Il lavoro è una parte fondamentale della vita adulta: non solo garantisce l’indipendenza economica, ma permette anche di scegliere come vivere il proprio tempo, partecipare alla società e sentirsi parte di una comunità. Questo vale per tutti, ma per le persone con disabilità ha un significato ancora più profondo. Avere un’occupazione significa essere riconosciuti per le proprie capacità, costruire relazioni più solide con familiari e amici, prendere parte ad attività ricreative e poter contare su un supporto, sia da parte dei servizi che della rete familiare e sociale.
Purtroppo, i dati mostrano quanto sia difficile per le persone con disabilità accedere a un lavoro dignitoso. Nel caso delle persone con sindrome di Down, solo il 31,4% degli over 24 lavora. E anche tra chi ha un impiego, la maggioranza non ha un contratto standard: oltre il 60% è inserito in cooperative sociali senza una vera tutela lavorativa. Ancora più preoccupante è il fatto che nel 70% dei casi non percepiscono alcun compenso o ricevono una retribuzione simbolica, ben al di sotto del valore del lavoro svolto.
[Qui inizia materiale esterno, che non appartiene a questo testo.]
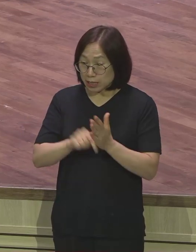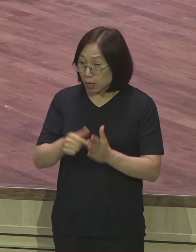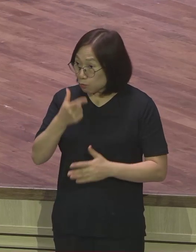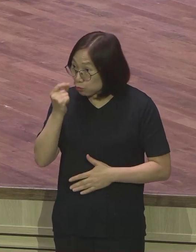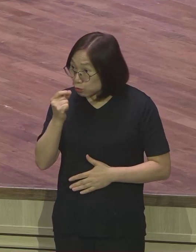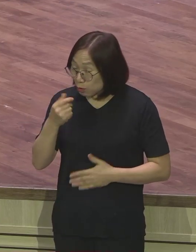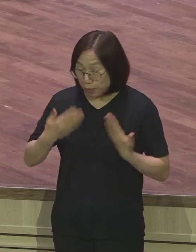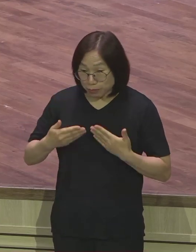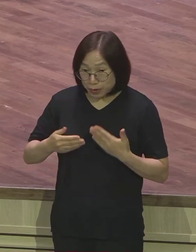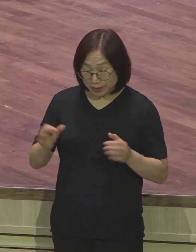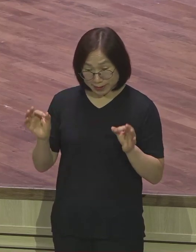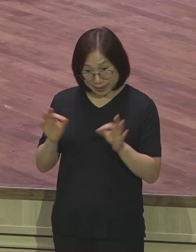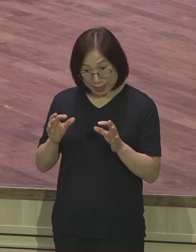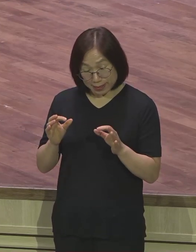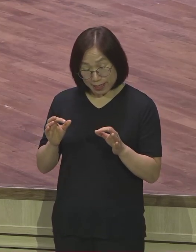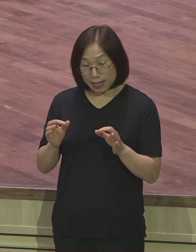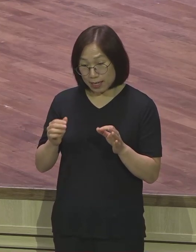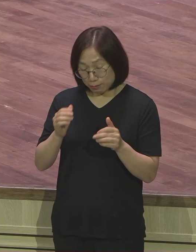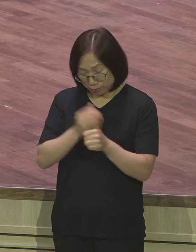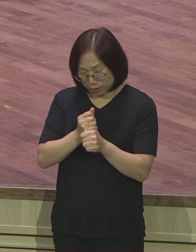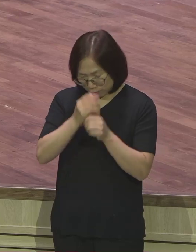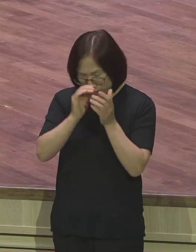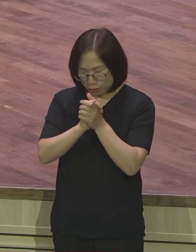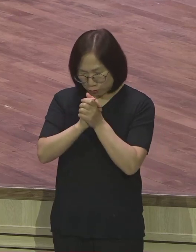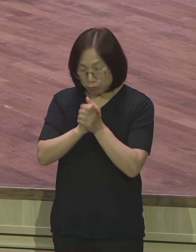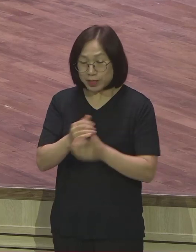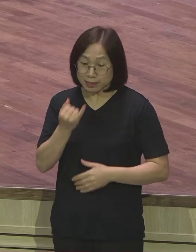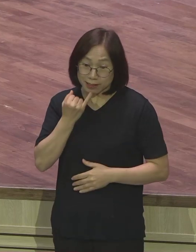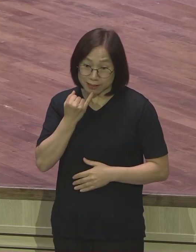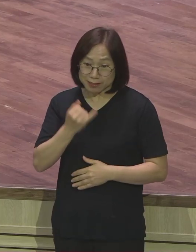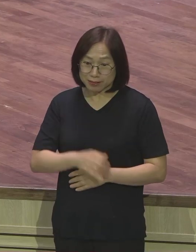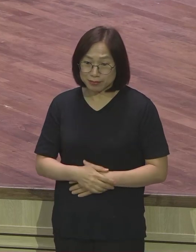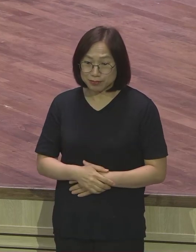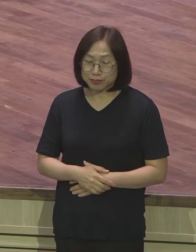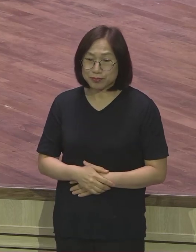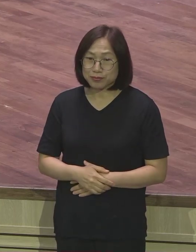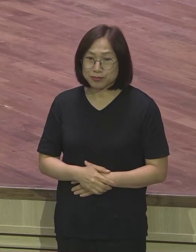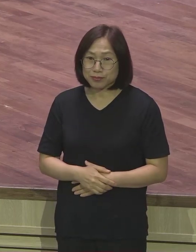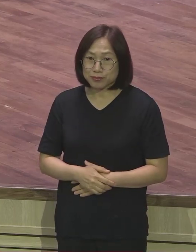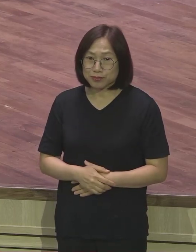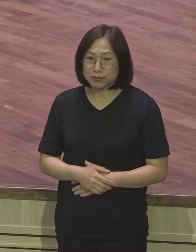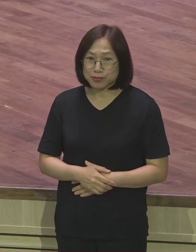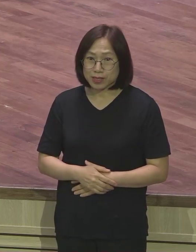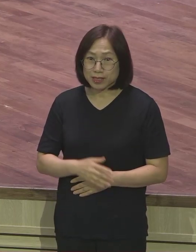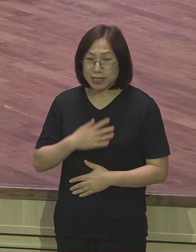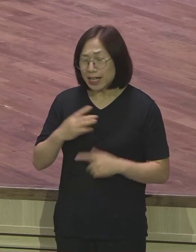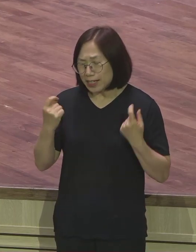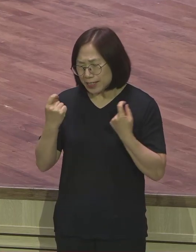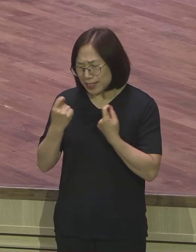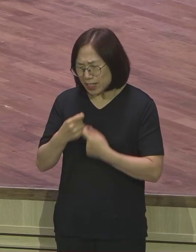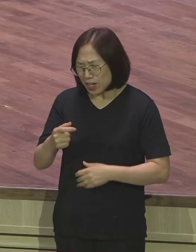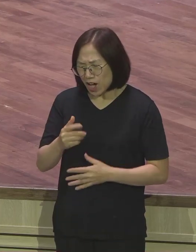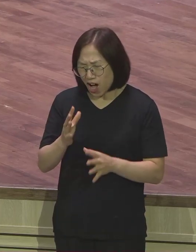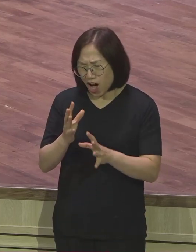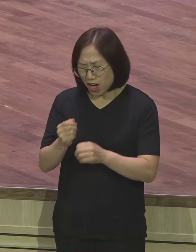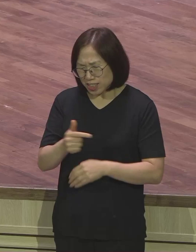짧게 간략하게 붙잡고 기도하시면 됩니다 저는 개인적으로 언제 가장 큰 힘을 얻느냐 뭘

La situazione è ancora più critica per le persone autistiche: tra gli over 20, solo il 10% ha un’occupazione.
Questa precarietà pesa non solo sulle persone con disabilità, ma anche sulle loro famiglie. Come evidenziato già anni fa dal Censis, molte famiglie si sentono sempre più sole nel progettare il futuro dei propri figli. Se il 30-40% dei genitori di bambini e ragazzi con sindrome di Down fino ai 15 anni immagina per loro una vita autonoma o semi-autonoma, questa percentuale scende drasticamente al 12% quando i figli diventano maggiorenni. La stessa dinamica si riscontra tra le famiglie con figli autistici: il 23% spera in un futuro di autonomia per loro, ma questa fiducia crolla al 5% dopo i 21 anni.
Per provare a cambiare questa realtà, in Italia è nato un progetto innovativo: per la prima volta, una società sportiva, l’Accademia di Calcio Integrato, ha avviato un percorso di formazione professionale per sei giovani con disabilità intellettiva. Il progetto, finanziato con i fondi dell’8×1000 della Chiesa Valdese, ha permesso ai partecipanti di seguire un corso online della Federazione Italiana Paralimpica degli Intellettivo Relazionali, ottenendo la qualifica di assistente istruttore. Grazie al supporto di due tutor – una psicologa dello sport e un’istruttrice laureata in scienze motorie – questi giovani hanno completato la formazione di 16 ore e ora stanno iniziando un tirocinio retribuito di cinque mesi.
Si tratta di un modello di inclusione che potrebbe aprire nuove strade. Fino a oggi, i progetti di inserimento lavorativo per persone con disabilità intellettiva si sono concentrati soprattutto sulla ristorazione e l’accoglienza turistica. Ma lo sport, per molti di loro, è già uno spazio di socializzazione e crescita, un luogo dove hanno costruito legami con coetanei e familiari. Perché, allora, non trasformarlo in un’opportunità professionale? Con la giusta formazione, questi giovani potrebbero diventare assistenti allenatori nel calcio, nel basket e in altre discipline, contribuendo attivamente alla vita delle società sportive.
In Italia ci sono migliaia di realtà sportive, alcune piccole, altre molto strutturate, che potrebbero cogliere questa opportunità offerta dalla Fisdir per dare un futuro lavorativo a tanti ragazzi e ragazze con disabilità intellettiva appassionati di sport. Il progetto dell’Accademia di Calcio Integrato dimostra che è possibile: ora serve che altre realtà seguano questo esempio, trasformando la passione in un vero percorso professionale.